RRD Board Accepts Chatham $10.85 Per Share Cash Offer; Gives Atlas Through Dec. 16 to Counter
As baseball legend Yogi Berra once quipped about the 1973 National League pennant race, "It ain't over till it's over," the same can be said about the ongoing bidding war between private equity firms Chatham Asset Management and Atlas Holdings to acquire North America's largest commercial printer, RR Donnelley & Sons (RRD).
On Friday, Dec. 10, RRD's board unanimously determined that the unsolicited (now fourth) proposal from Chatham Asset Management to acquire all of its common stock for $10.85 per share in cash constitutes a “Superior Proposal” over Atlas Holdings' latest bid of $10.35 per share in cash. However, it subjected Chatham to a "timing condition" that gives Atlas until 9 am CST on Friday, Dec. 17, to counter with a higher offer; if Chatham doesn't agree to extend the date of its offer, RRD indicated it plans to pursue its amended agreement with Atlas.
“Today’s announcement is a testament to the robust process we have in place to maximize value for all stockholders,” John C. Pope, RRD chairman of the board, said in a prepared statement. “Our board and management team remain committed to acting in the best interests of RRD and all its stockholders, and will continue to take actions to achieve this objective.”
Should Atlas not make a superior offer, RRD will be required to pay a $20 million termination fee and $12 million expense reimbursement to Atlas. Chatham — if the RRD board accept its offer — has agreed to pay the $20 million termination fee to Atlas on RRD’s behalf. But, in this latest iteration, RRD has agreed to pay the expense reimbursement of $12 million. RRD would also be required to reimburse Chatham the $20 million termination fee if the acquisition agreement with Chatham were not to be finalized.
In a letter, Anthony Melchiorre, Chatham Managing Member, chastised RRD's board for showing what Chatham believes to be its overwhelming favoritism to consummate an acquisition deal with Atlas, rather than a sales agreement with what is RRD's largest bondholder and an approximately 14.9% common stock shareholder.
A portion of that letter follows:
Despite [RRD] issuing a press release on Dec.1, 2021 stating that its negotiation period with Atlas would expire on Dec. 7, 2021, the company’s board of directors continued those negotiations for an additional two business days and refused to meaningfully engage with us, or approach us with respect to countering any new offer, since declaring Chatham’s proposal to purchase all shares of RRD not currently owned by Chatham at a price equal to $10.25 per share, a “Superior Proposal” under the terms of the Atlas merger agreement.

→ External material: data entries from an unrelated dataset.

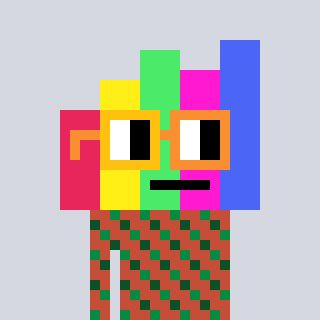
a pixel art character with square yellow and orange glasses, a bar chart-shaped head and a rust-colored body on a cool background
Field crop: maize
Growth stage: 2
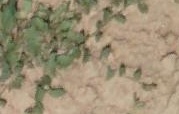
Species: convolvulus
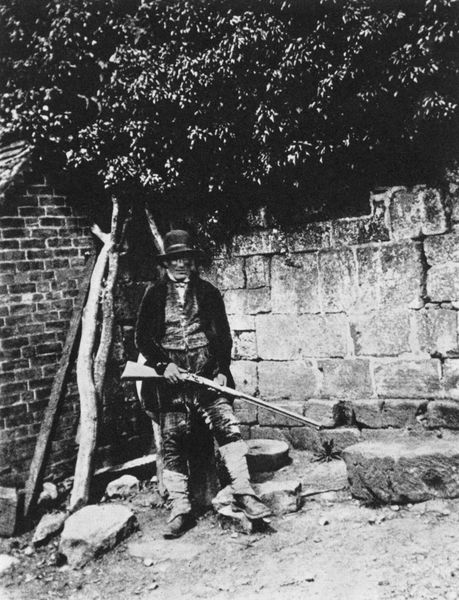
Titel: Der Wächter von Lacock Abbey
Künstler: William Henry Fox Talbot
Schlagwörter: baum, blätter, dunkel, laub, mann, schatten, weiß, sitzen, äste, grau, hell, holz, hut, licht, nase, schwarz, dach, haus, hose, jacke, wand, falten, gesicht, kragen, mensch, samt, stehen, stein, steine, portrait, porträt, ast, erde, stamm, hütte, sonne, boden, mantel, stehend, garten, ecke, schuhe, fels, giebel, mauer, ziegel, backstein, seine, lehnen, stämme, jeans, grimmig, weste, baumkrone, foto, fotografie, photographie, fugen, fuss, pfahl, schwarzweiß, soldat, waffe, posieren, stiefel, photo, dukel, jäger, sandstein, mauern, gewehr, flinte, brocken, stange, lederhose, stulpen, fotographie, aufnahme, latte, wilderer, steinblock, stifel, bundhose, stutzen, geweher, geweht, lehnt, daguerre, bayard, querfalten, 1800, ateht
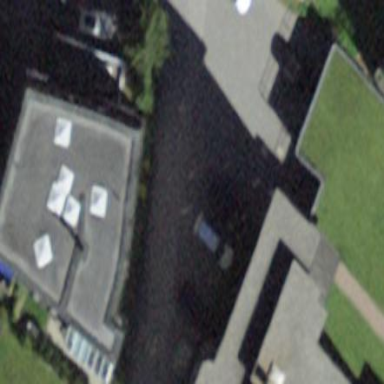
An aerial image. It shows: Flat-roofed building.
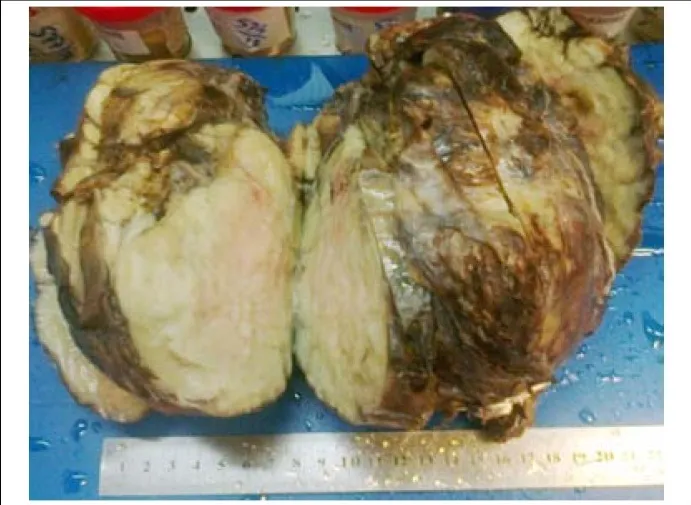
View of a single multi nodular encapsulated pale white firm piece of tissue after removal.
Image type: medical_photograph (other_medical_photograph)
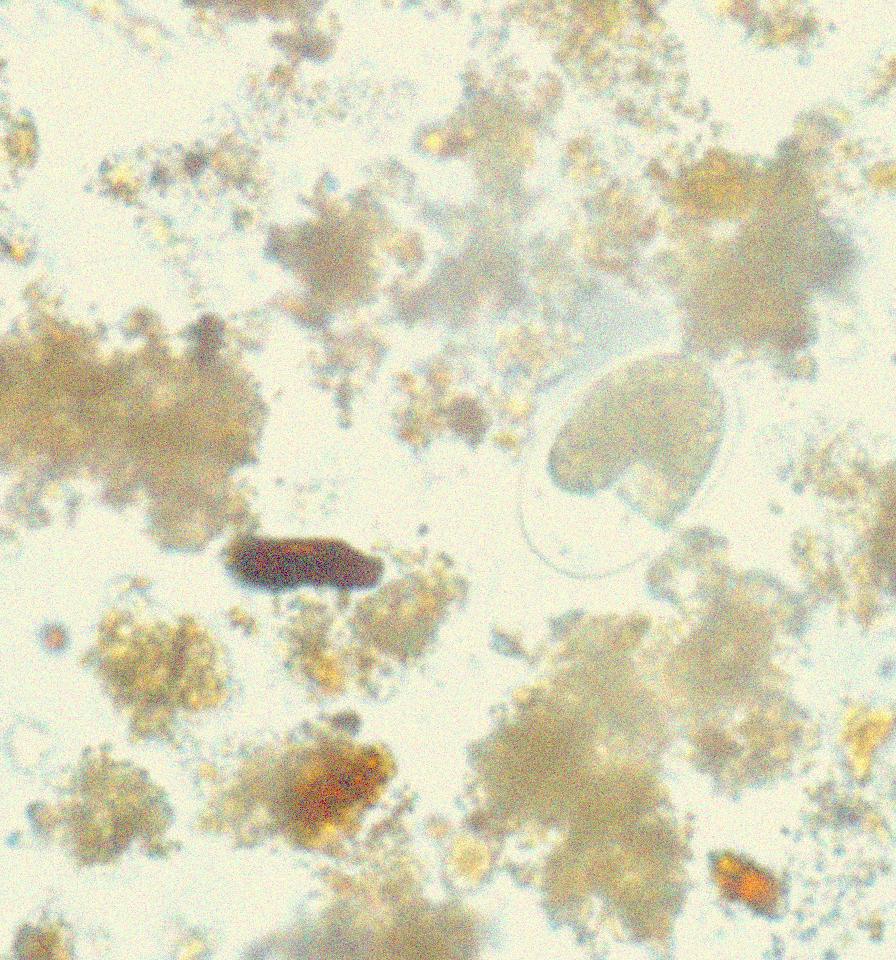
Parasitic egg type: Hookworm egg

In fact, rather than engage with us during this time, the board just agreed to write Atlas an even bigger check if the company signs a deal with us, by increasing the termination fee and expense reimbursement payable to Atlas from $20 million to $32 million, thereby depriving stockholders of approximately $0.39 per share that could have been completely avoided if the board had engaged with us back in October when we made our initial bid to acquire the company.
The board’s determination to avoid signing a deal with Chatham at all costs flouts any measure of good corporate governance and the directors’ fiduciary duties, and is having a deleterious effect on all RRD stakeholders. This behavior must stop. The board’s conduct is creating confusion in the market and for all RRD stakeholders, causing a serious delay in consummating a transaction and threatening to deprive stockholders of receiving the maximum price for their shares. This is not how a public company should run an orderly sale process.
Nevertheless, Chatham is prepared to top Atlas’ offer and is hereby increasing its offer to purchase all common stock of RRD not already owned by Chatham at a price equal to $10.85 per share. Our offer remains a fully-financed, all-cash firm offer.
Our revised offer continues to be supported by a debt commitment letter led by Jefferies Finance LLC in an aggregate amount of up to $1.675 billion, a capital commitment letter from Chatham in an amount of up to $400 million, a rollover of all shares of common stock of RRD beneficially owned by Chatham, having a value of approximately $118.6 million based on our proposed purchase price of $10.85 per share, and the equitization and/or subordination into PIK instruments of up to $795.3 million of the aggregate principal amount of RRD’s outstanding notes that Chatham currently owns – which represents approximately 57.3% of RRD’s outstanding notes, including more than 50% of the company’s 6.125% senior secured notes due November 2026. Assuming all $795.3 million of the company’s outstanding notes are equitized or subordinated by Chatham, [RRD] will reduce its annual interest expense by approximately $60.9 million.
It appears, despite the RRD board's preference toward consummating a deal with Atlas Holdings — which is also the parent of former RRD spinoff LSC Communications, Finch Paper, and several other printing, paper, and packaging companies — Chatham Asset Management — which acquired the McClatchy newspaper chain out of bankruptcy in September 2020 — has no intentions to be outbid.